Task goal: Retype the records below exactly as they appear, but leave out any pictures.

Entries provided:
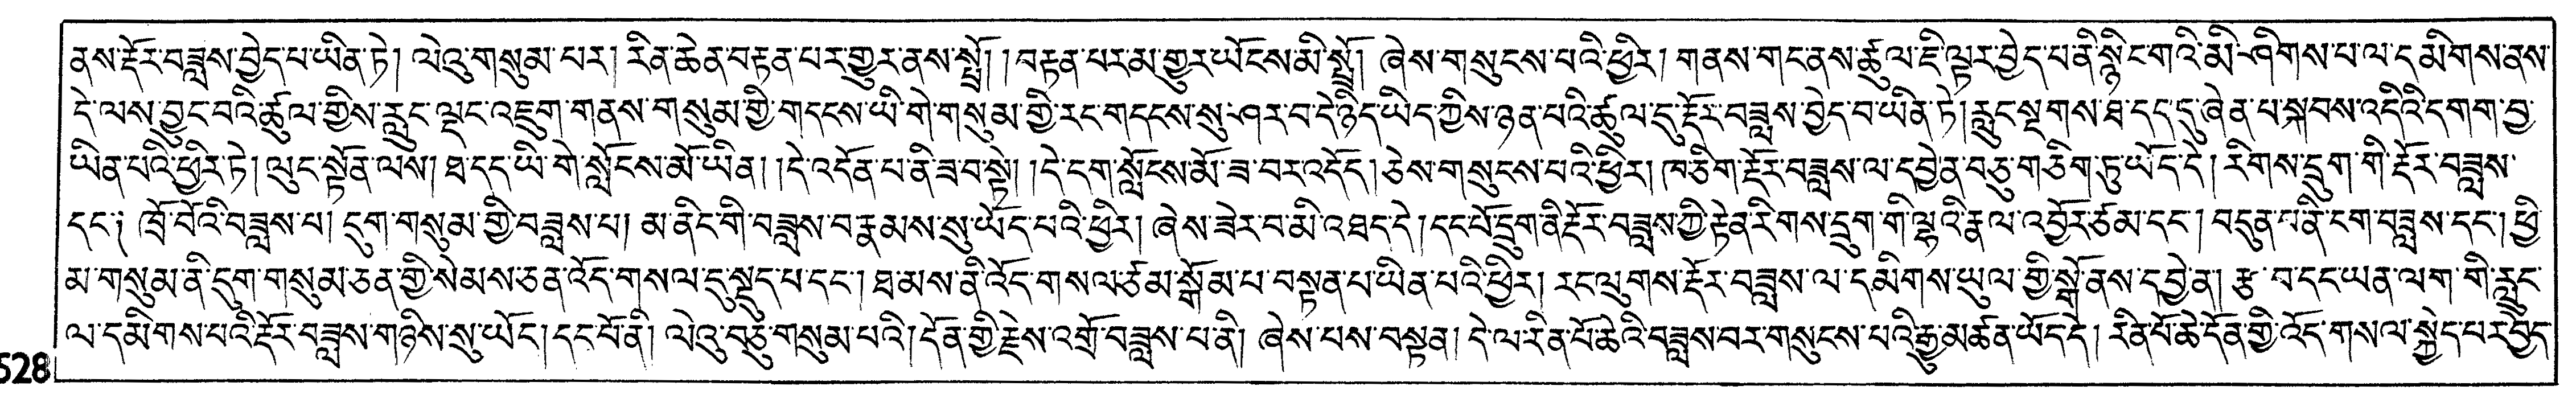ནས་རྡོར་བཟླས་བྱེད་པ་ཡིན་ཏེ། ལེའུ་གསུམ་པར། རིན་ཆེན་བརྟན་པར་གྱུར་ནས་སྤྲོ། །བརྟན་པར་མ་གྱུར་ཡོངས་མི་སྤྲོ། ཞེས་གསུངས་པའི་ཕྱིར། གནས་གང་ནས་ཚུལ་ཇི་ལྟར་བྱེད་པ་ནི་སྙིང་གའི་མི་ཤིགས་པ་ལ་དམིགས་ནས་
དེ་ལས་བྱུང་བའི་ཚུལ་གྱིས་རླུང་ལྡང་འཇུག་གནས་གསུམ་གྱི་གདངས་ཡི་གེ་གསུམ་གྱི་རང་གདངས་སུ་ཤར་བ་དེ་ཉིད་ཡིད་ཀྱིས་ཉན་པའི་ཚུལ་དུ་རྡོར་བཟླས་བྱེད་པ་ཡིན་ཏེ། རླུང་སྔགས་ཐ་དད་དུ་ཞེན་པ་སྐབས་འདིའི་དགག་བྱ་
ཡིན་པའི་ཕྱིར་ཏེ། ལུང་སྟོན་ལས། ཐ་དད་ཡི་གེ་སློངས་མོ་ཡིན། །དེ་འདོན་པ་ནི་ཟ་བ་སྟེ། །དེ་དག་སློངས་མོ་ཟ་བར་འདོད། ཅེས་གསུངས་པའི་ཕྱིར། ཁ་ཅིག་རྡོར་བཟླས་ལ་དབྱེ་ན་བཅུ་གཅིག་ཏུ་ཡོད་དེ། རིགས་དྲུག་གི་རྡོར་བཟླས་
དང༑ ཁྲོ་བོའི་བཟླས་པ། དུག་གསུམ་གྱི་བཟླས་པ། མ་ནིང་གི་བཟླས་པ་རྣམས་སུ་ཡོད་པའི་ཕྱིར། ཞེས་ཟེར་བ་མི་འཐད་དེ། དང་པོ་དྲུག་ནི་རྡོར་བཟླས་ཀྱི་རྟེན་རིགས་དྲུག་གི་ལྷའི་རྣལ་འབྱོར་ཙམ་དང་། བདུན་པ་ནི་ངག་བཟླས་དང་། ཕྱི་
མ་གསུམ་ནི་དུག་གསུམ་ཅན་གྱི་སེམས་ཅན་འོད་གསལ་དུ་སྡུད་པ་དང་། ཐ་མས་ནི་འོད་གསལ་ཙམ་སྒོམ་པ་བསྟན་པ་ཡིན་པའི་ཕྱིར། རང་ལུགས་རྡོར་བཟླས་ལ་དམིགས་ཡུལ་གྱི་སྒོ་ནས་དབྱེ་ན། རྩ་བ་དང་ཡན་ལག་གི་རླུང་
ལ་དམིགས་པའི་རྡོར་བཟླས་གཉིས་སུ་ཡོད། དང་པོ་ནི། ལེའུ་བཅུ་གསུམ་པའི། དོན་གྱི་རྗེས་འགྲོ་བཟླས་པ་ནི། ཞེས་པས་བསྟན། དེ་ལ་རིན་པོ་ཆེའི་བཟླས་པར་གསུངས་པའི་རྒྱུ་མཚན་ཡོད་དེ། རིན་པོ་ཆེ་དོན་གྱི་འོད་གསལ་སྐྱེད་པར་བྱེད་

Written response:
ནས་རྡོར་བཟླས་བྱེད་པ་ཡིན་ཏེ། ལེའུ་གསུམ་པར། རིན་ཆེན་བརྟན་པར་གྱུར་ནས་སྤྲོ། །བརྟན་པར་མ་གྱུར་ཡོངས་མི་སྤྲོ། ཞེས་གསུངས་པའི་ཕྱིར། གནས་གང་ནས་ཚུལ་ཇི་ལྟར་བྱེད་པ་ནི་སྙིང་གའི་མི་ཤིགས་པ་ལ་དམིགས་ནས་
དེ་ལས་བྱུང་བའི་ཚུལ་གྱིས་རླུང་ལྡང་འཇུག་གནས་གསུམ་གྱི་གདངས་ཡི་གེ་གསུམ་གྱི་རང་གདངས་སུ་ཤར་བ་དེ་ཉིད་ཡིད་ཀྱིས་ཉན་པའི་ཚུལ་དུ་རྡོར་བཟླས་བྱེད་པ་ཡིན་ཏེ། རླུང་སྔགས་ཐ་དད་དུ་ཞེན་པ་སྐབས་འདིའི་དགག་བྱ་
ཡིན་པའི་ཕྱིར་ཏེ། ལུང་སྟོན་ལས། ཐ་དད་ཡི་གེ་སློངས་མོ་ཡིན། །དེ་འདོན་པ་ནི་ཟ་བ་སྟེ། །དེ་དག་སློངས་མོ་ཟ་བར་འདོད། ཅེས་གསུངས་པའི་ཕྱིར། ཁ་ཅིག་རྡོར་བཟླས་ལ་དབྱེ་ན་བཅུ་གཅིག་ཏུ་ཡོད་དེ། རིགས་དྲུག་གི་རྡོར་བཟླས་
དང༑ ཁྲོ་བོའི་བཟླས་པ། དུག་གསུམ་གྱི་བཟླས་པ། མ་ནིང་གི་བཟླས་པ་རྣམས་སུ་ཡོད་པའི་ཕྱིར། ཞེས་ཟེར་བ་མི་འཐད་དེ། དང་པོ་དྲུག་ནི་རྡོར་བཟླས་ཀྱི་རྟེན་རིགས་དྲུག་གི་ལྷའི་རྣལ་འབྱོར་ཙམ་དང་། བདུན་པ་ནི་ངག་བཟླས་དང་། ཕྱི་
མ་གསུམ་ནི་དུག་གསུམ་ཅན་གྱི་སེམས་ཅན་འོད་གསལ་དུ་སྡུད་པ་དང་། ཐ་མས་ནི་འོད་གསལ་ཙམ་སྒོམ་པ་བསྟན་པ་ཡིན་པའི་ཕྱིར། རང་ལུགས་རྡོར་བཟླས་ལ་དམིགས་ཡུལ་གྱི་སྒོ་ནས་དབྱེ་ན། རྩ་བ་དང་ཡན་ལག་གི་རླུང་
ལ་དམིགས་པའི་རྡོར་བཟླས་གཉིས་སུ་ཡོད། དང་པོ་ནི། ལེའུ་བཅུ་གསུམ་པའི། དོན་གྱི་རྗེས་འགྲོ་བཟླས་པ་ནི། ཞེས་པས་བསྟན། དེ་ལ་རིན་པོ་ཆེའི་བཟླས་པར་གསུངས་པའི་རྒྱུ་མཚན་ཡོད་དེ། རིན་པོ་ཆེ་དོན་གྱི་འོད་གསལ་སྐྱེད་པར་བྱེད་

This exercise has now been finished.